» **PROVIDED MATERIAL**
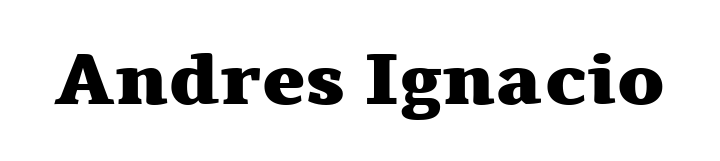
Q: Is the text bold? A: Yes.
Q: Is the text italic (slanted)? A: No, it is upright.
Q: Is the typeface a serif or a sans-serif typeface? A: Serif.
Q: Is the text underlined? A: No.
Q: Is the spacing between letters normal or unusually wide? A: Normal.
Q: Width (condensed, normal, or wide)? A: Wide.
Q: Stroke contrast? A: Medium.
Q: x-height? A: Medium.
Q: Monospaced? A: No.
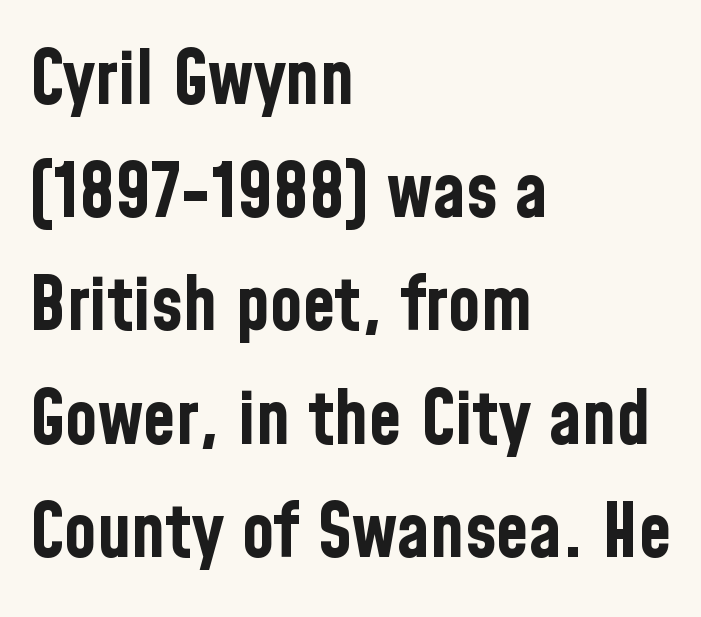
{"serif": "no", "italic": "no", "bold": "yes", "weight": "bold", "width": "condensed", "stroke_contrast": "low", "x_height": "medium", "monospaced": "no", "underline": "no", "align": "left", "line_spacing": "normal", "line_spacing_ratio": 1.51, "letter_spacing": "normal", "letter_spacing_em": 0.0, "glyph_px": 75}
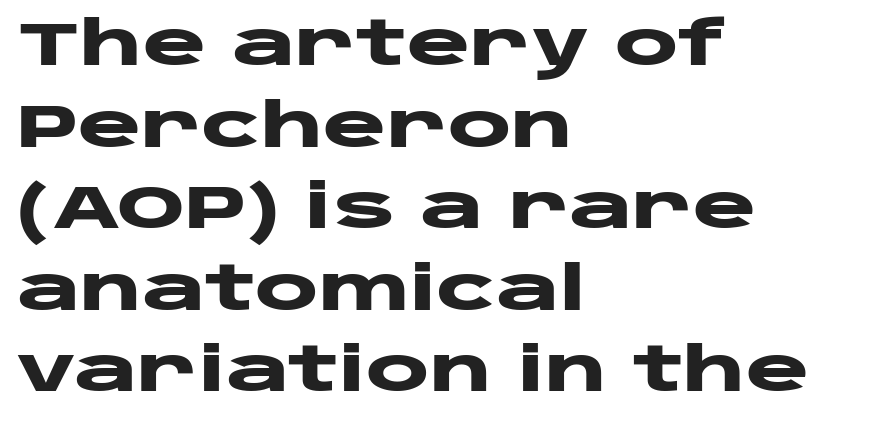
{"serif": "no", "italic": "no", "bold": "yes", "weight": "heavy", "width": "wide", "stroke_contrast": "low", "x_height": "large", "monospaced": "no", "underline": "no", "align": "left", "line_spacing": "normal", "line_spacing_ratio": 1.36, "letter_spacing": "normal", "letter_spacing_em": 0.0, "glyph_px": 60}

» **ACTIVITY**
Set apart and copy each line of the records that holds the word "bold".

» **RESPONSE FOR THIS EXERCISE**
Q: Is the text bold? A: Yes.
{"serif": "no", "italic": "no", "bold": "yes", "weight": "bold", "width": "condensed", "stroke_contrast": "low", "x_height": "medium", "monospaced": "no", "underline": "no", "align": "left", "line_spacing": "normal", "line_spacing_ratio": 1.51, "letter_spacing": "normal", "letter_spacing_em": 0.0, "glyph_px": 75}
{"serif": "no", "italic": "no", "bold": "yes", "weight": "heavy", "width": "wide", "stroke_contrast": "low", "x_height": "large", "monospaced": "no", "underline": "no", "align": "left", "line_spacing": "normal", "line_spacing_ratio": 1.36, "letter_spacing": "normal", "letter_spacing_em": 0.0, "glyph_px": 60}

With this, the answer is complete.